7. Clifford Palmer says:

Hi Kris, Great post as usual. Have you had a look at the Diagnostic Questions website. I have only just started looking at it, and it has a maths focus at the moment, but they seem to be collating the type of hinge questions you were referring to. http://www.diagnosticquestions.com/Home/About

• Kris Boulton says:

Thanks Clifford. I have see it before, yes. It’s been the logistics of implementing them effectively that have held me back up until this point… which isn’t to say that I don’t take an ongoing interest, and love the work they’re doing!

8. A great post, Kris. The focus here is on how MC questions can improve learning, but I think there’s an understated benefit to our teaching too. The reason good questions take so long to write is that they force us to properly think about what misconceptions typical students hold.

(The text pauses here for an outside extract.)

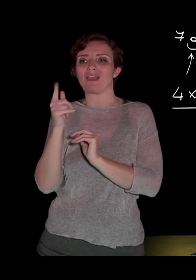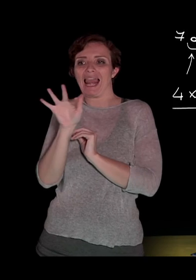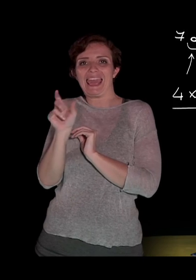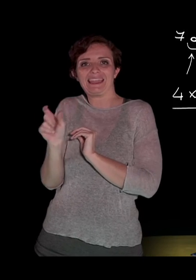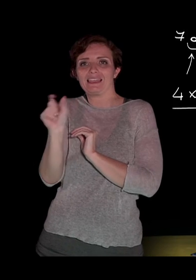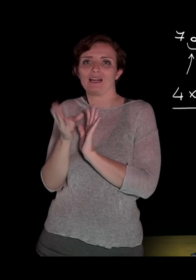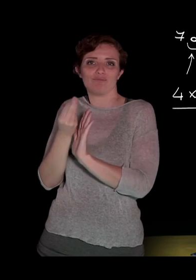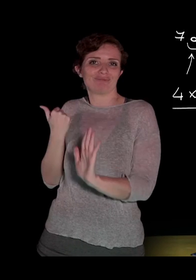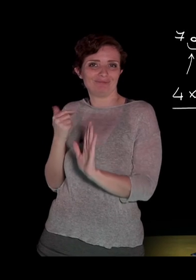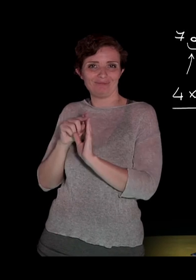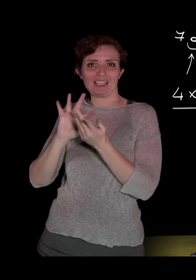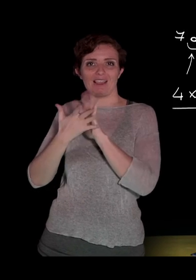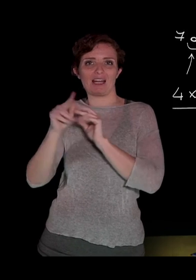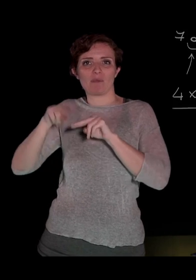lettera del nostro monomio.

I would love lesson plan pro-formas to do away with a ‘learning objective’ box at the top and replace it with:
* this is the (single) multiple-choice question I want my students to answer at the end of this lesson
* these are the wrong answers that students with an incomplete understanding might choose
* crucially: this is what I’m going to do in my teaching to tackle those misconceptions.

We started using multiple-choice questions in my maths department a couple of years ago, when we developed our mobile assessment platform called Imvoto. At first it ONLY supported MC questions… this highlighted Kris’s con number 1: it took us 3-4 hours to write good questions for a 50 minute lesson.

Even though in Imvoto we’ve introduced alternative forms of question that are less time consuming to write, MC questions are still the bedrock of my current planning and teaching. I typically have sequences of 5-10 questions of which the first couple are MC. If pupils get those wrong, it’s quick sign to them and me that we have work to do to close the gaps in their understanding.